Di bawah kepemimpinan Jago, desa itu telah bertransformasi menjadi sebuah oase kemajuan dan ketenangan di tengah dunia yang kelam. Jago, sang kepala desa, memberikan nama baru untuk pemukiman yang telah ia bangun ini: Desa Naga Langit. Nama itu bukan hanya simbol dari perlindungan yang tak tergoyahkan, tetapi juga dari aspirasi baru yang tinggi, mencerminkan kemampuan Jago yang melampaui batas bumi.
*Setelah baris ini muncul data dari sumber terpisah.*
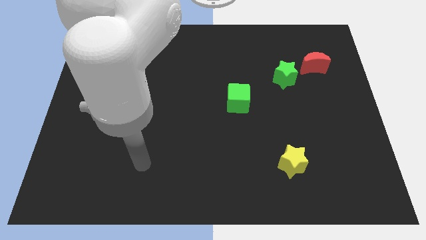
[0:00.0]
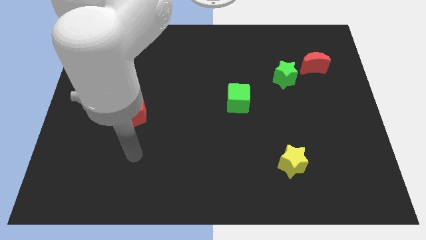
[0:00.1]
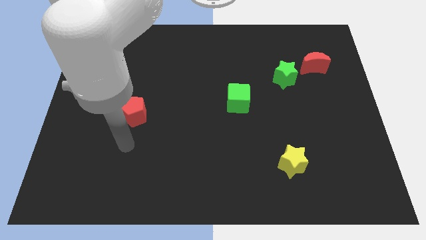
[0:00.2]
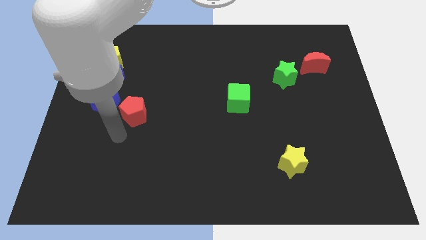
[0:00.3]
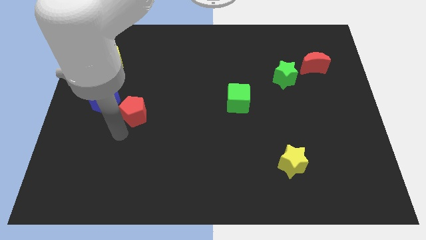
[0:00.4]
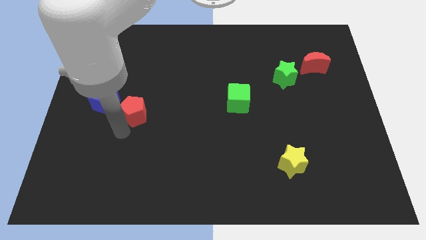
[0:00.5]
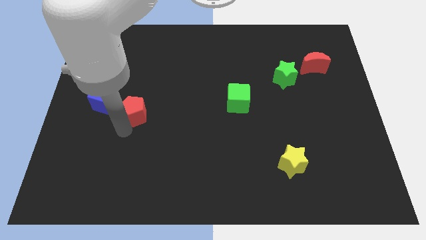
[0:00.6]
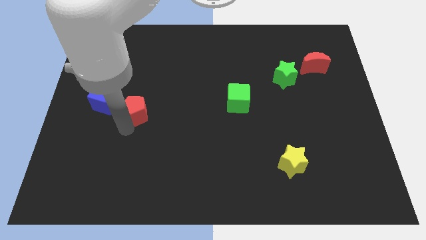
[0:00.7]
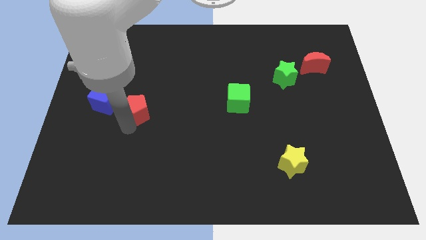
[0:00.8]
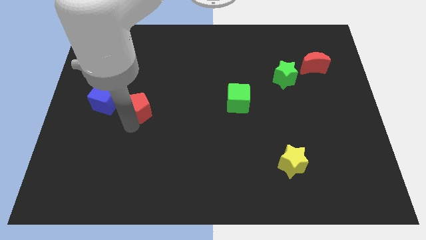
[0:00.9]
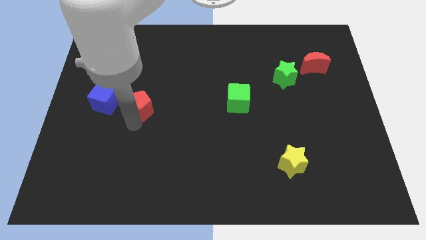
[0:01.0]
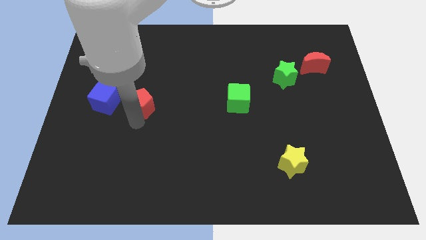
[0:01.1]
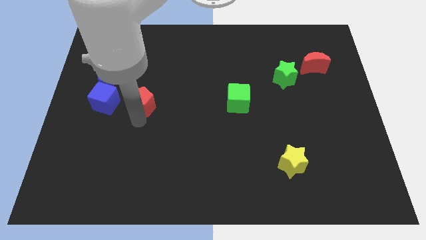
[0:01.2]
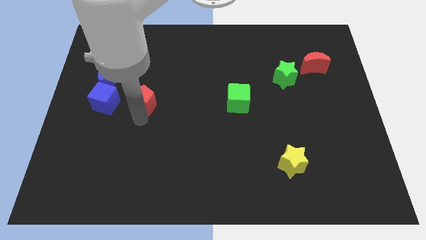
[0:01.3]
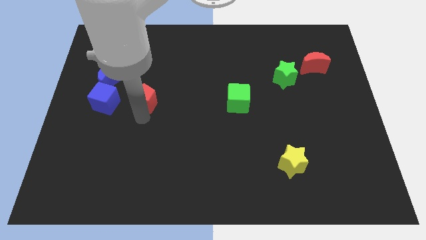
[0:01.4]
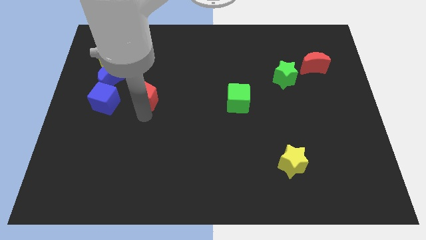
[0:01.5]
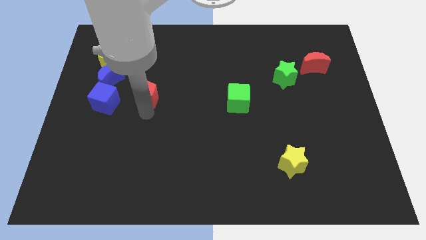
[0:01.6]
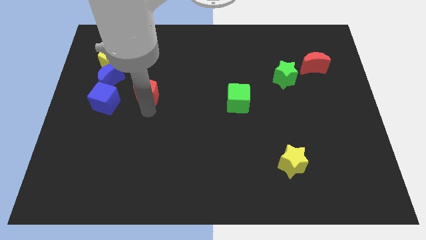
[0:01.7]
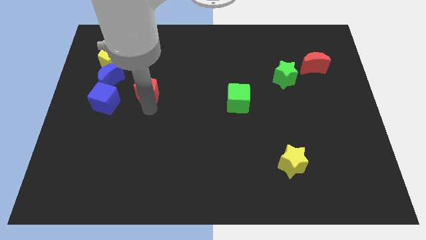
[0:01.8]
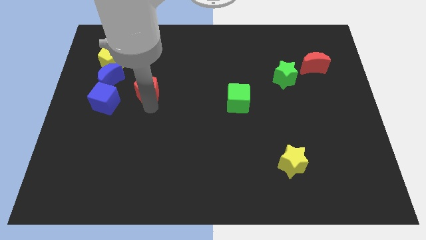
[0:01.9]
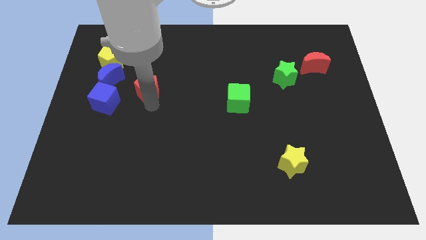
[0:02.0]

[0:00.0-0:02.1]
push the red pentagon slightly up

Penduduk hidup dalam kedamaian yang belum pernah mereka rasakan sebelumnya. Ketakutan akan serangan iblis telah lenyap di balik tembok batu kokoh, dan kelaparan adalah kenangan buruk masa lalu berkat pasokan makanan yang melimpah.
Setiap hari adalah bukti nyata keajaiban yang dibawa Jago. Anak-anak belajar ilmu pengetahuan modern di siang hari dan berlatih Chi serta bela diri di sore hari. Para ibu-ibu menikmati kemudahan peralatan listrik, dan para pekerja membangun infrastruktur baru dengan bantuan Jago yang tiada henti. Desa Naga Langit adalah sebuah anomali, sebuah titik terang yang terus membesar di hadapan tirani Raja Iblis Senen.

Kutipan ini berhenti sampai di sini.